# [INSTRUCTIONS FOR THE TASK]
Among the records that follow, set down only the lines from the one containing "cover by kind: broadleaved forest trees 100 %" to the one containing "longitude: 23.3653", both included, exactly.

[DATA FOR ANALYSIS — start]

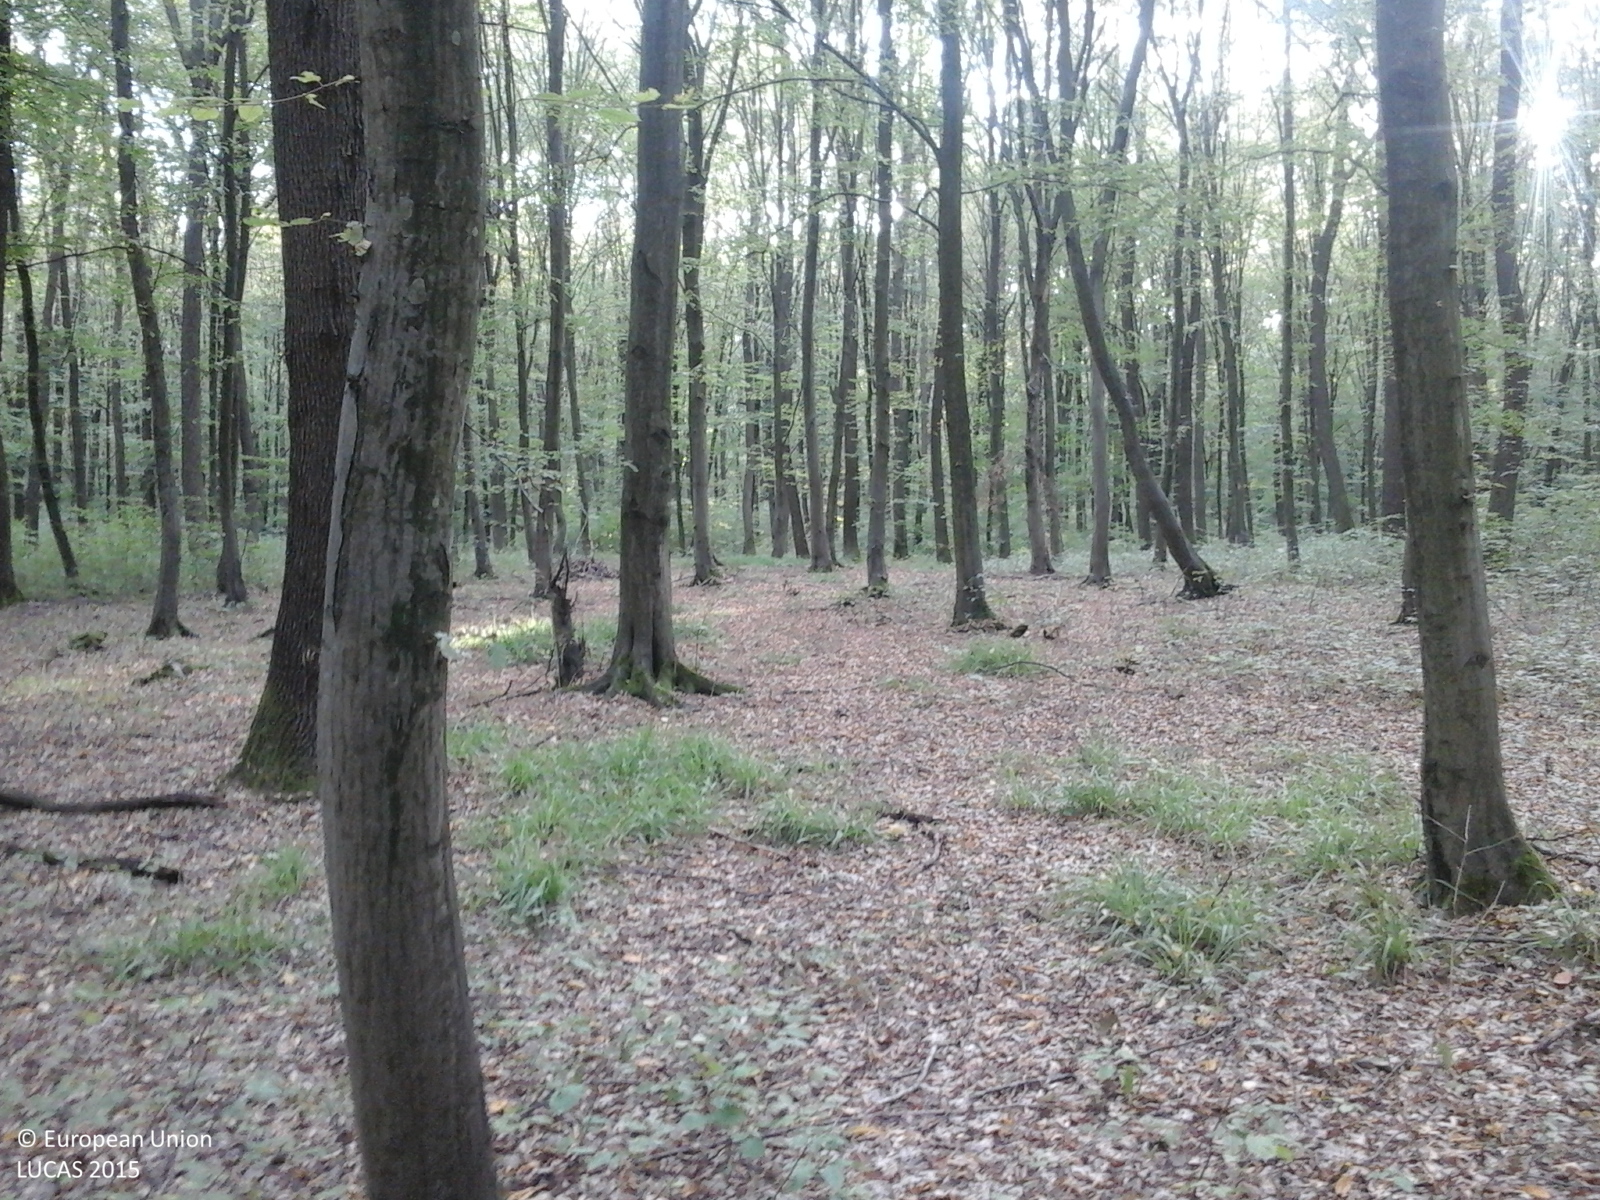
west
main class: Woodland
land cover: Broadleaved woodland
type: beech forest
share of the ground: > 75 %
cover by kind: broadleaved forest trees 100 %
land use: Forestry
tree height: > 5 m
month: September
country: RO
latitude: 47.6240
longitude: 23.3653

[DATA FOR ANALYSIS — finish]
[DATA FOR ANALYSIS — start]

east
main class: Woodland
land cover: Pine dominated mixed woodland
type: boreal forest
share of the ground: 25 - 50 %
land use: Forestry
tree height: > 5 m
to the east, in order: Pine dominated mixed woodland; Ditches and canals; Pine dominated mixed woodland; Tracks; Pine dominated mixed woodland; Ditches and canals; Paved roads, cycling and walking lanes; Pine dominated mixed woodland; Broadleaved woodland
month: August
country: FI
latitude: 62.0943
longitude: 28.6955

[DATA FOR ANALYSIS — finish]

# [PROBLEM SOLUTION]
cover by kind: broadleaved forest trees 100 %
land use: Forestry
tree height: > 5 m
month: September
country: RO
latitude: 47.6240
longitude: 23.3653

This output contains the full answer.